**Records:**
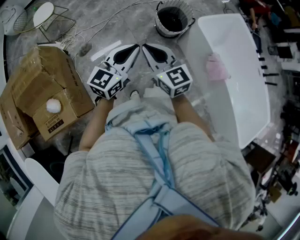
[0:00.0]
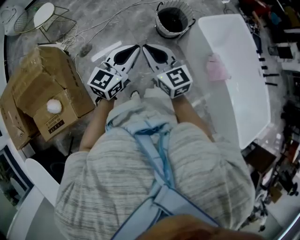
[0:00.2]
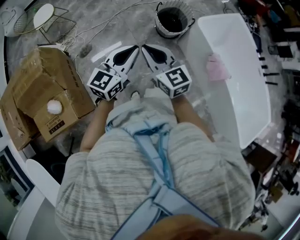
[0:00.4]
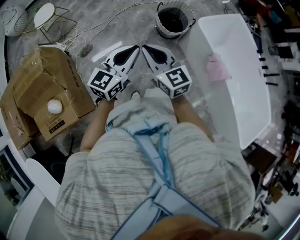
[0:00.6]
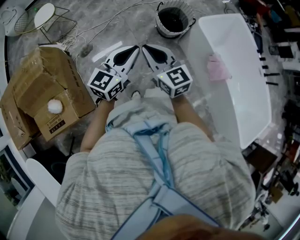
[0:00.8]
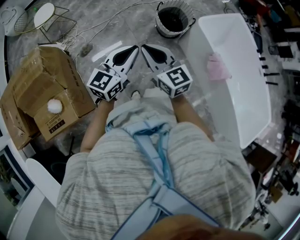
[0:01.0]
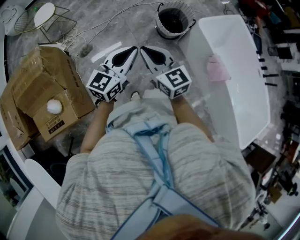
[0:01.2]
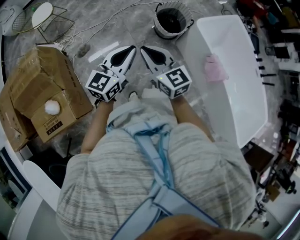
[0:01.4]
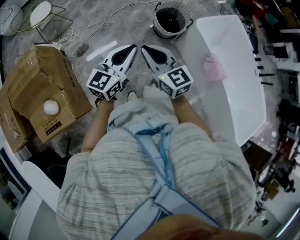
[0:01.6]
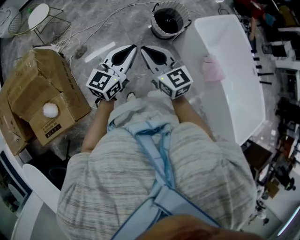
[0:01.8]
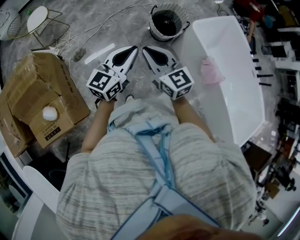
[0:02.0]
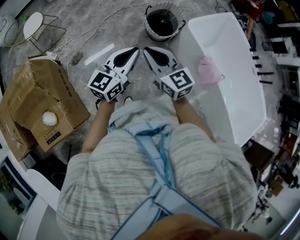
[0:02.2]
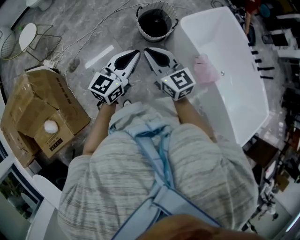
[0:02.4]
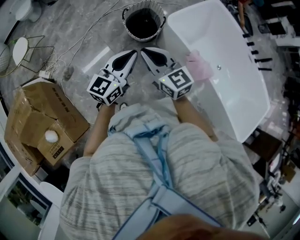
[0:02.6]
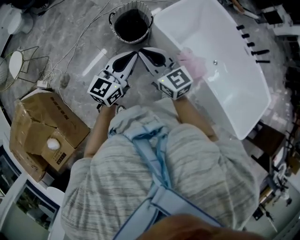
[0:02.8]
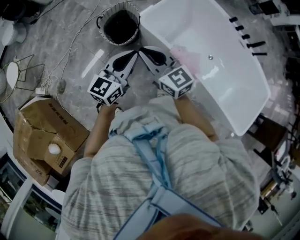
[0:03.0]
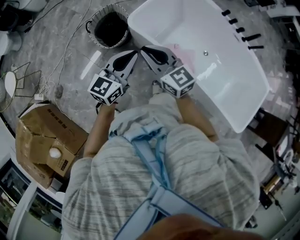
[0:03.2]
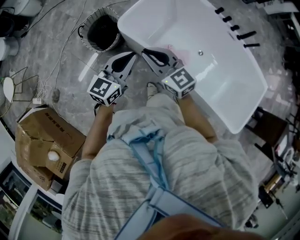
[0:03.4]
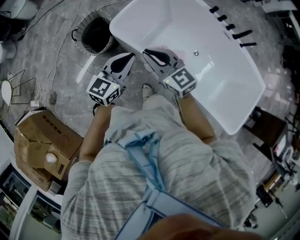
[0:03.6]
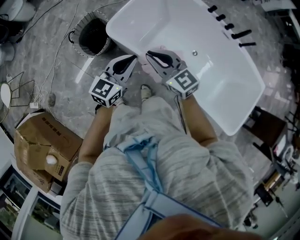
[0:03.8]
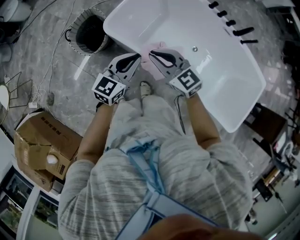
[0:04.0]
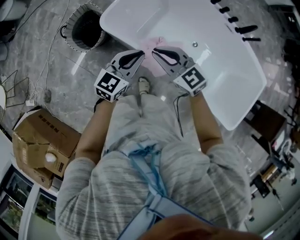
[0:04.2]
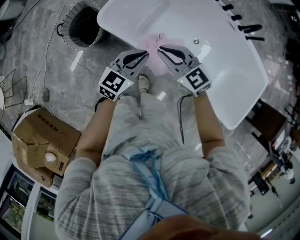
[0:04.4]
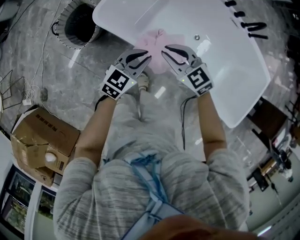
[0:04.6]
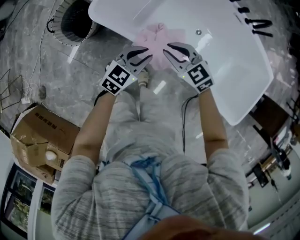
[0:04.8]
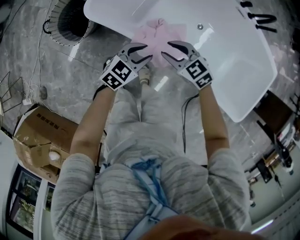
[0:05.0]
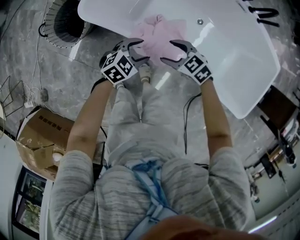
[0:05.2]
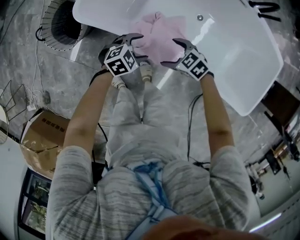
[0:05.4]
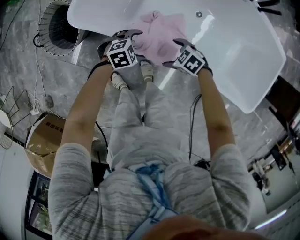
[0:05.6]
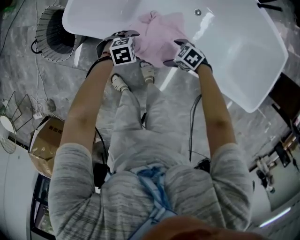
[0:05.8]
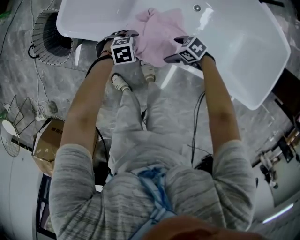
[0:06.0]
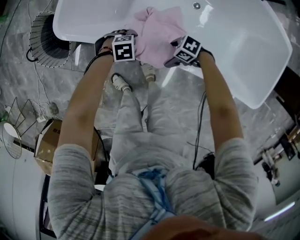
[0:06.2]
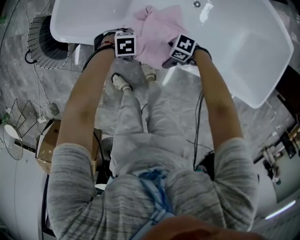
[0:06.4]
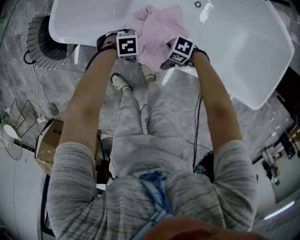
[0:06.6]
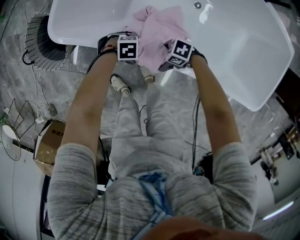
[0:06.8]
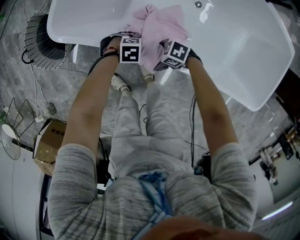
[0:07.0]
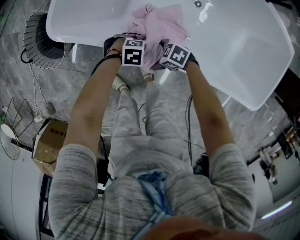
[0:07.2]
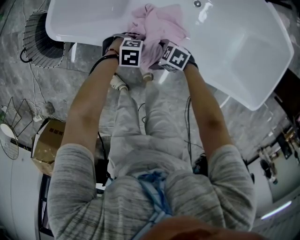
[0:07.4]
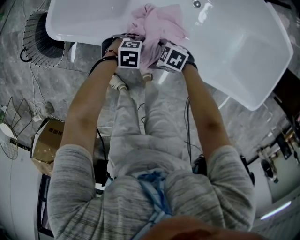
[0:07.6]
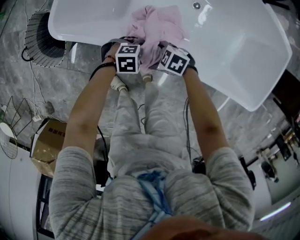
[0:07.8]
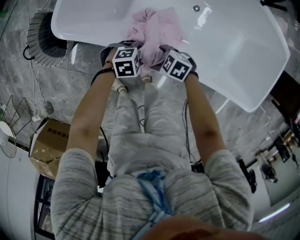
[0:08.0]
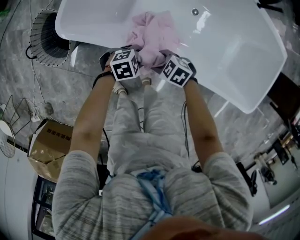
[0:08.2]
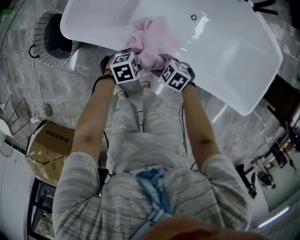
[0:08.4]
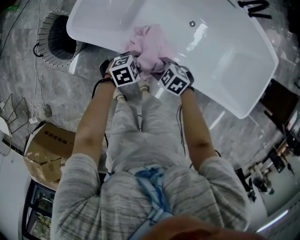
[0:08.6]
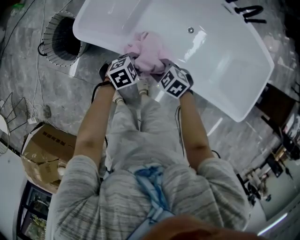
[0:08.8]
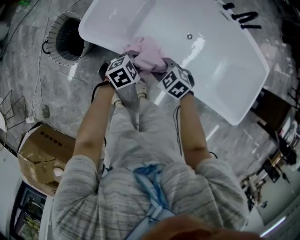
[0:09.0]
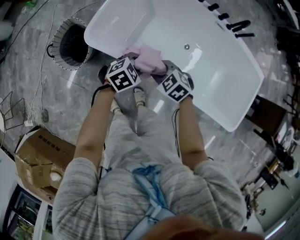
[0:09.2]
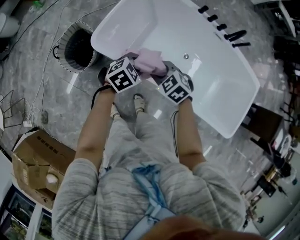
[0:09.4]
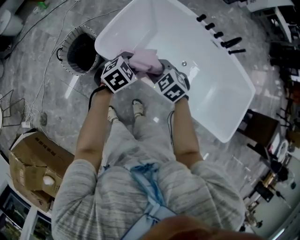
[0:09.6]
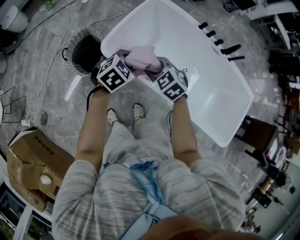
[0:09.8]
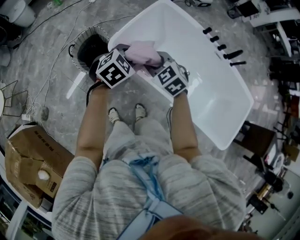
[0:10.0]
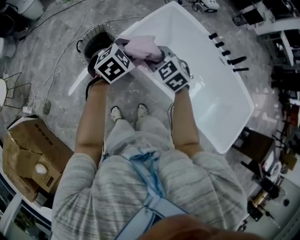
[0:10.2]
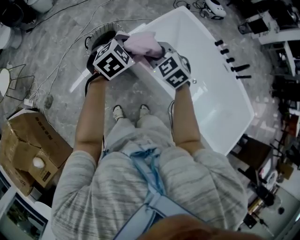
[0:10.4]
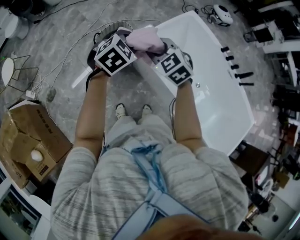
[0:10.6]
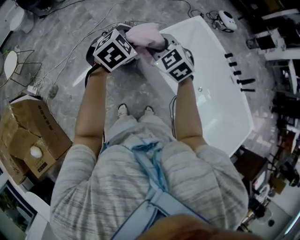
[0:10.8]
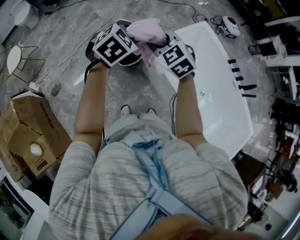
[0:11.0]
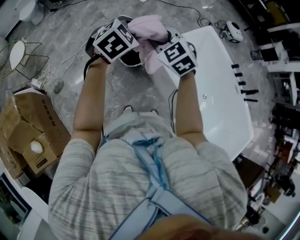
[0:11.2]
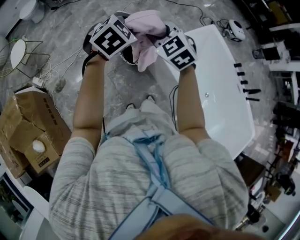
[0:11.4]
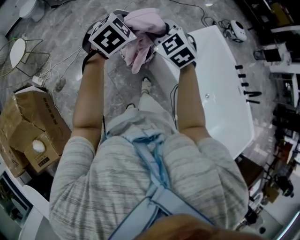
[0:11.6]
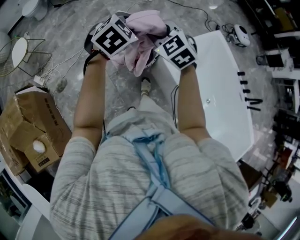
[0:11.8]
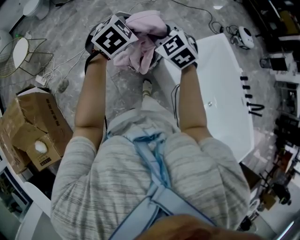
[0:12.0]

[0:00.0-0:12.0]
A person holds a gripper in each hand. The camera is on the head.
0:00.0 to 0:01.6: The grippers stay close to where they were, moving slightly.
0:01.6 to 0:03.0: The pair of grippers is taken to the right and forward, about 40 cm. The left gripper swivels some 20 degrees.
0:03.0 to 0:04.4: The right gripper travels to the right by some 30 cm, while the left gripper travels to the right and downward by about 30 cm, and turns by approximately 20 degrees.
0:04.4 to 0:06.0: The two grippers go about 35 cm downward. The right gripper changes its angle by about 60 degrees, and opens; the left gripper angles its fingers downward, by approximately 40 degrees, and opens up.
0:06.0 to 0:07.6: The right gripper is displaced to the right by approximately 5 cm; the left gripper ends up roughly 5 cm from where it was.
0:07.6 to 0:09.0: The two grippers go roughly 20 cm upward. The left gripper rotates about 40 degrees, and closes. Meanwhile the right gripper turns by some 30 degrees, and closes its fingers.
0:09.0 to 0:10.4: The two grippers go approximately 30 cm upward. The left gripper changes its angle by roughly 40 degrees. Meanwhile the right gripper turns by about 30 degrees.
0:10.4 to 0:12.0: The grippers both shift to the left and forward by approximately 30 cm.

**Work order:** Print all the entries exactly as they appear, without the pictures.

**Expected output:**
[0:00.0]
[0:00.2]
[0:00.4]
[0:00.6]
[0:00.8]
[0:01.0]
[0:01.2]
[0:01.4]
[0:01.6]
[0:01.8]
[0:02.0]
[0:02.2]
[0:02.4]
[0:02.6]
[0:02.8]
[0:03.0]
[0:03.2]
[0:03.4]
[0:03.6]
[0:03.8]
[0:04.0]
[0:04.2]
[0:04.4]
[0:04.6]
[0:04.8]
[0:05.0]
[0:05.2]
[0:05.4]
[0:05.6]
[0:05.8]
[0:06.0]
[0:06.2]
[0:06.4]
[0:06.6]
[0:06.8]
[0:07.0]
[0:07.2]
[0:07.4]
[0:07.6]
[0:07.8]
[0:08.0]
[0:08.2]
[0:08.4]
[0:08.6]
[0:08.8]
[0:09.0]
[0:09.2]
[0:09.4]
[0:09.6]
[0:09.8]
[0:10.0]
[0:10.2]
[0:10.4]
[0:10.6]
[0:10.8]
[0:11.0]
[0:11.2]
[0:11.4]
[0:11.6]
[0:11.8]
[0:12.0]

[0:00.0-0:12.0]
A person holds a gripper in each hand. The camera is on the head.
0:00.0 to 0:01.6: The grippers stay close to where they were, moving slightly.
0:01.6 to 0:03.0: The pair of grippers is taken to the right and forward, about 40 cm. The left gripper swivels some 20 degrees.
0:03.0 to 0:04.4: The right gripper travels to the right by some 30 cm, while the left gripper travels to the right and downward by about 30 cm, and turns by approximately 20 degrees.
0:04.4 to 0:06.0: The two grippers go about 35 cm downward. The right gripper changes its angle by about 60 degrees, and opens; the left gripper angles its fingers downward, by approximately 40 degrees, and opens up.
0:06.0 to 0:07.6: The right gripper is displaced to the right by approximately 5 cm; the left gripper ends up roughly 5 cm from where it was.
0:07.6 to 0:09.0: The two grippers go roughly 20 cm upward. The left gripper rotates about 40 degrees, and closes. Meanwhile the right gripper turns by some 30 degrees, and closes its fingers.
0:09.0 to 0:10.4: The two grippers go approximately 30 cm upward. The left gripper changes its angle by roughly 40 degrees. Meanwhile the right gripper turns by about 30 degrees.
0:10.4 to 0:12.0: The grippers both shift to the left and forward by approximately 30 cm.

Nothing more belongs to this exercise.